How can businesses avoid failing in their approach to AI
This July, a survey of 2,473 global organisations by the International Data Corporation found that 50 per cent saw artificial intelligence as a top priority. Around 25 per cent had successfully implemented a company wide AI strategy, while over 60 per cent had altered their business model in some way to do so. Despite this enthusiasm, a quarter of respondents reported that half of their AI projects had failed.
It comes as no surprise that many organisations experience teething problems when trying to integrate artificial intelligence into their operations. Artificially intelligent technology costs money, can require specialist skills, and relies on the collection of quality data. But, nonetheless, it has become an important business tool with an inexhaustible list of benefits. So, what steps should organisations take to ensure AI success?
1) Good data governance
In order to benefit from AI, data scientists need accurate, up to date, structured information. Artificially intelligent software is only as good as the data it is fed. If an organisation keeps masses of data that is outdated or inaccurate, their algorithms will be of little use. Dirty data, dirty insights. It’s that simple.
2) Pull in project management
Hilary Mason, Cloudera’s General Manager of Machine Learning, believes that AI success goes beyond data to the ability of an organisation to set and achieve goals. Machine learning, says Mason, should be applied “on a sustained basis” in a way that is best for the organisation. This means pulling in people from across the business and pooling their knowledge so that AI applications truly meet the needs of clients and customers.

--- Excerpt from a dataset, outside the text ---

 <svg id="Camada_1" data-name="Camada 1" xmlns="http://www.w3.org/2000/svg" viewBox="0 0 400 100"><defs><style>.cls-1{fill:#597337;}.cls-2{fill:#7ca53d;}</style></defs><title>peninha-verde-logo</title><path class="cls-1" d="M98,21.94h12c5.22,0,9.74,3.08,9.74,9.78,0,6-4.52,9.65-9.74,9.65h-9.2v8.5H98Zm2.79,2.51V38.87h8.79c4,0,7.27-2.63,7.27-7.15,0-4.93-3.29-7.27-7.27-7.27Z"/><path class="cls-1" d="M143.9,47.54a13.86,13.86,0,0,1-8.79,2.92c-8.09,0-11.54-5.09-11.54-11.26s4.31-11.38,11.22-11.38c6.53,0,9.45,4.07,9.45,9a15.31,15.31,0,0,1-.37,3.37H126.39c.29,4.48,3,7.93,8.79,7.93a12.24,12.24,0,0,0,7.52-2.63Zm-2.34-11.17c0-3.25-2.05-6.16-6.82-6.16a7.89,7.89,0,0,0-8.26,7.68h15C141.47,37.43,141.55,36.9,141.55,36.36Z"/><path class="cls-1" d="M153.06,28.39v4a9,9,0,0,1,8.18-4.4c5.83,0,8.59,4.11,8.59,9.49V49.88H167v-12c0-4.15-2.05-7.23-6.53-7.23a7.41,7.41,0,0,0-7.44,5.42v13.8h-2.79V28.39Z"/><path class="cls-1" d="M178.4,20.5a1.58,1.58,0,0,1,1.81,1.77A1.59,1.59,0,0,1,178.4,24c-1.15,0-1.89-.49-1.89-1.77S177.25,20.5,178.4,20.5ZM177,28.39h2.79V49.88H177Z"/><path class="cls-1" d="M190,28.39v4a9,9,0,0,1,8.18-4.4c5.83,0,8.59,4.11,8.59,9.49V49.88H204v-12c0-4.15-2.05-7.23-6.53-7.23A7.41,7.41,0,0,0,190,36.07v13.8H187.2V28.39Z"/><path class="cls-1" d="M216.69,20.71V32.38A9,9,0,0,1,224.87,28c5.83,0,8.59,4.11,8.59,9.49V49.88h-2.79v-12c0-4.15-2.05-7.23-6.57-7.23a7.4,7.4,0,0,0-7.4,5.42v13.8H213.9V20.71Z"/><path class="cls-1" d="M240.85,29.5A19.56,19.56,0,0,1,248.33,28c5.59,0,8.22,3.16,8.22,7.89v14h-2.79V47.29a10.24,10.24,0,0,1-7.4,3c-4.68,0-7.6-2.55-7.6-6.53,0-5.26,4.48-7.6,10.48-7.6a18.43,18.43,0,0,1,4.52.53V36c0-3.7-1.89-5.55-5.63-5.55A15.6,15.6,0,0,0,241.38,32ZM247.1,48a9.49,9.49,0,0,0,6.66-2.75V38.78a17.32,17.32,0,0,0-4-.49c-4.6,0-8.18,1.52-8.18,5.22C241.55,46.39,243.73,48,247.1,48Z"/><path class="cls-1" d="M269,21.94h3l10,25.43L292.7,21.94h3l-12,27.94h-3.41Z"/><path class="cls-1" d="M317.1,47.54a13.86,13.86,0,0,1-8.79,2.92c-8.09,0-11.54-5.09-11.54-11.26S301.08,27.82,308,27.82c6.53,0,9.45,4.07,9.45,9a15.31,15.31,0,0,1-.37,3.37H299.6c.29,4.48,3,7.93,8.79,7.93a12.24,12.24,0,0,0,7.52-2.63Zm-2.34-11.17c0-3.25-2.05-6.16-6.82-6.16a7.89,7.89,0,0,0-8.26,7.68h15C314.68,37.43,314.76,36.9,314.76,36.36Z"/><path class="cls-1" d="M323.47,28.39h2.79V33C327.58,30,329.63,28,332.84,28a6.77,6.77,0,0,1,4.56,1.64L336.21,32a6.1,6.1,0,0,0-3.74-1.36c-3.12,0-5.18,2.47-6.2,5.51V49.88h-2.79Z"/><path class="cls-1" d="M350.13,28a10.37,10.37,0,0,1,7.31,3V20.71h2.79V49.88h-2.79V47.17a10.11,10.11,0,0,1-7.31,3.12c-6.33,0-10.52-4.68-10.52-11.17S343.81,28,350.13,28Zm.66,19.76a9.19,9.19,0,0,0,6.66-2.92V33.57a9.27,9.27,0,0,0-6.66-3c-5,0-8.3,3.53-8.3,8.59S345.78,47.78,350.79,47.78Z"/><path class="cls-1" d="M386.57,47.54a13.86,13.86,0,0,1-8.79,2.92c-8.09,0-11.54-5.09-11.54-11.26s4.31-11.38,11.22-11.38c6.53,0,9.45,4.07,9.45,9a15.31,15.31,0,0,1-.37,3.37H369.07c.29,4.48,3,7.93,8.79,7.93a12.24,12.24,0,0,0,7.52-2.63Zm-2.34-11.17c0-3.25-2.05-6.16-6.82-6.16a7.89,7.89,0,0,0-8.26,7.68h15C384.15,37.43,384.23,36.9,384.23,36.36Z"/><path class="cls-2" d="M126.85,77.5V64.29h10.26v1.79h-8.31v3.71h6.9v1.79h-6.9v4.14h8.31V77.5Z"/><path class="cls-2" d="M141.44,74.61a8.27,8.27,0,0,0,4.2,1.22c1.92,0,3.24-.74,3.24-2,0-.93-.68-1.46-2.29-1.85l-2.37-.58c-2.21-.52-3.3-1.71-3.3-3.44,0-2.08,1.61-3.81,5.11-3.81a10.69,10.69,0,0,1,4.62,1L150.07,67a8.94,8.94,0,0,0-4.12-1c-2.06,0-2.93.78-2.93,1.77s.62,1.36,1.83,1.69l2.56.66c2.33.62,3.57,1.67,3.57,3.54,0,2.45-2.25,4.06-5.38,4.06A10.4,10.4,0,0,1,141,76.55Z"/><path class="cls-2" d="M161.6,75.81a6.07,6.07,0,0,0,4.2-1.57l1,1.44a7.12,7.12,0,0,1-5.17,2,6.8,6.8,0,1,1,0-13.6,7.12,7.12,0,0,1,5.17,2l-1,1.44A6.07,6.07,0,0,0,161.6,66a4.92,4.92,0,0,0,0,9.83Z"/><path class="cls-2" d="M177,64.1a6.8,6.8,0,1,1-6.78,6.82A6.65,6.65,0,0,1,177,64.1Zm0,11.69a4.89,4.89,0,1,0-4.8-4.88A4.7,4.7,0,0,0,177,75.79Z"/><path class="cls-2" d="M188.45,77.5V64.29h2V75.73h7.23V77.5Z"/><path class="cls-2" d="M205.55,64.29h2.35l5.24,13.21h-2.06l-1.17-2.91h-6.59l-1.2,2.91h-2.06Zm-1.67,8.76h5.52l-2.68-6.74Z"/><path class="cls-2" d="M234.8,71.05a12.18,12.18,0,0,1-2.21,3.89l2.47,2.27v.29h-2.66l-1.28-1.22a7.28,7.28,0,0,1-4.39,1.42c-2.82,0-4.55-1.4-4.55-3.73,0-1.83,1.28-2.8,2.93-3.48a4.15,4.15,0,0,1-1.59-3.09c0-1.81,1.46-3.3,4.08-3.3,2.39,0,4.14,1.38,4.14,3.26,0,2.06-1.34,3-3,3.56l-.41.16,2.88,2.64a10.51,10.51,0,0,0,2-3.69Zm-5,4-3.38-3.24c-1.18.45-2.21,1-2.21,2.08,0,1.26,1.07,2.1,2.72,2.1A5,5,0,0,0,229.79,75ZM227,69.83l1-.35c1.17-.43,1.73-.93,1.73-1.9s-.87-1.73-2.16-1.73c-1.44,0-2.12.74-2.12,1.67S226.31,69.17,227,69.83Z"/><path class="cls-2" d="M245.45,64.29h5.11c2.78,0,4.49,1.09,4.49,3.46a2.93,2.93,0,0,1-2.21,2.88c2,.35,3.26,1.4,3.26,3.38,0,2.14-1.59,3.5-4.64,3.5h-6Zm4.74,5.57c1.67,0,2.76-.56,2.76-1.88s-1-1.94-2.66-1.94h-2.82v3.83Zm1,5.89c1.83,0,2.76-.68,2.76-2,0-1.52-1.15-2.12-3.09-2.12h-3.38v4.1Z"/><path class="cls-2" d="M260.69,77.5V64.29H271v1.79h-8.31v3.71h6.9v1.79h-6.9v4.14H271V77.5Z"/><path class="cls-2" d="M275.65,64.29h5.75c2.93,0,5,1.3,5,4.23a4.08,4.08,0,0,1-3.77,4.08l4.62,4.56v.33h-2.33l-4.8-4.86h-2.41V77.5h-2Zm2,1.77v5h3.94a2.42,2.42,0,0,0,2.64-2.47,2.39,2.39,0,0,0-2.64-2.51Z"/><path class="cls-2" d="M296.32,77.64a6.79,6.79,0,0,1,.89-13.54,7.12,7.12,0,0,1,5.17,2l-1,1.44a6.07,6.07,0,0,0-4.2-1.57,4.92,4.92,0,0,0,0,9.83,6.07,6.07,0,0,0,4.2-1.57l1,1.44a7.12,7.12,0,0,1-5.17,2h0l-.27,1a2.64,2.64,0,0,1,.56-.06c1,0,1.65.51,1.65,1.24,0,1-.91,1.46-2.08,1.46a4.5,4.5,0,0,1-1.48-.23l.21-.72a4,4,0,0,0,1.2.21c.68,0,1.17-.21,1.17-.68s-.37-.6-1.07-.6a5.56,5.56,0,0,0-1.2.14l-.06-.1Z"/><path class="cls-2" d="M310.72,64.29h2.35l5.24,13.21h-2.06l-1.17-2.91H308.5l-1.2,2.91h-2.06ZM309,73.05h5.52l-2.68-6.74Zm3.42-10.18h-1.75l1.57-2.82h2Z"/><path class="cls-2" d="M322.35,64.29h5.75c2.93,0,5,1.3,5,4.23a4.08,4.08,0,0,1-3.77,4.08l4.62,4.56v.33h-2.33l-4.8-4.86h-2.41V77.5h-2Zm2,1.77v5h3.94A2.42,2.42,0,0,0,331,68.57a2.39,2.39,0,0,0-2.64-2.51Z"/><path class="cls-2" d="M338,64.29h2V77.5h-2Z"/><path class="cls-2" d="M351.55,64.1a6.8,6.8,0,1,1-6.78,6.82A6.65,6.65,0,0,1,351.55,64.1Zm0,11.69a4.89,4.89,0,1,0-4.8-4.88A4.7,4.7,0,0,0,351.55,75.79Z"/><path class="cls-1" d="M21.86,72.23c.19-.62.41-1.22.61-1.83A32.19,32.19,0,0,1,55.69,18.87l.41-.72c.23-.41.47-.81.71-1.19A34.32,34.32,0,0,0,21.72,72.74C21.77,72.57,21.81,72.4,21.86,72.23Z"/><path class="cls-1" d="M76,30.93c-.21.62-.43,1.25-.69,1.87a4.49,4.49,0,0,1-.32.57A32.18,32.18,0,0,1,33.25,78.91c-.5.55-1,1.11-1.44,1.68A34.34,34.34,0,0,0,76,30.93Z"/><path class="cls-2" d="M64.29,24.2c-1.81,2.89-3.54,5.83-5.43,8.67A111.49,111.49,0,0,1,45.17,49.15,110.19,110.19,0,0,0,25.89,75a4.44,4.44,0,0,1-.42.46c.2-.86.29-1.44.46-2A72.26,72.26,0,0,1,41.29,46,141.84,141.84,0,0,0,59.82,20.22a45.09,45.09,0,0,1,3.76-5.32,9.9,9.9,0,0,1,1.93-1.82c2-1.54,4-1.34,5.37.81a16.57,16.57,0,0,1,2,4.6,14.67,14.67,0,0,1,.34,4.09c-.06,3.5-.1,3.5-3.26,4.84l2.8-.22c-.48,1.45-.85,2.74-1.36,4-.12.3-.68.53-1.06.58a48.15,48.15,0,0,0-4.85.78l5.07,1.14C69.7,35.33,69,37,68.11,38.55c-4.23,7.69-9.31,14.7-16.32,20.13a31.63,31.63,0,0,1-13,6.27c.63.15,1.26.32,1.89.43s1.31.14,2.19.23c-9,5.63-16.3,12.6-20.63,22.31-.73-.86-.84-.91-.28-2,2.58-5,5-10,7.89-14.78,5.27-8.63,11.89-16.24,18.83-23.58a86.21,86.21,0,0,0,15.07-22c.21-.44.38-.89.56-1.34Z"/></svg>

In the DevOps movement, project managers and data scientists collaborate to make the most efficient, effective software. DeepOps, a new approach, has its foundations in DevOps but focuses on deep learning and data insights. In each case, tech is created and utilised with input from across different teams. This avoids confusion and encourages working relationships that are optimised for cooperation.
3) Invest in skilled staff
Before employees can build and implement AI, they must be equipped with the right skills. As well as hiring talented employees, organisations should consider reskilling their existing workforce. The availability of massive open online courses (MOOCs) has made reskilling much easier, as have coding bootcamp providers. This avoids the myriad of costs involved in hiring a new employee, such as training and decreased productivity.
4) Set a budget
Not so long ago, homegrown AI was only possible in the tech teams of huge companies like Google, Apple, and Microsoft. Today, artificial intelligence is more accessible through Software-as-a-Service and ready made platforms.
When built from scratch, however, AI projects can easily come with a six figure price tag. This is largely due to the various stages of development, beginning with discovery and analysis. The next phase is creating a prototype, testing it, and then releasing a minimum viable product (MVP) to gauge the reaction of customers. The last stage is the final product release. There are ways to make the project cheaper, including the use of clean data, skilled staff and a coherent, organisation-wide approach.
5) Be realistic
The final and perhaps most important thing that businesses should do when adopting AI in any of its guises is to be realistic. In other words, what is the problem that needs to be solved, and how can artificial intelligence solve it? What capacity does the organisation have to build a coherent AI strategy? Is it worth the cost? Unless it significantly improves the organisation and better serves clients and customers, pouring time, money, and effort into an AI project makes no sense. This is another reason why merging tech teams with project management teams is so important. There’s no point building an AI strategy just for the sake of it.
Companies are already making the mistake of starting AI projects that they can’t finish. Most of the time, this is because they underestimate how much it will cost. This isn’t just about money – building AI more or less from scratch involves specific skills, a lengthy development process, and buy-in from stakeholders and shareholders. AI projects have to answer questions that can’t be solved by another, simpler method… If not, they are far from a smart move.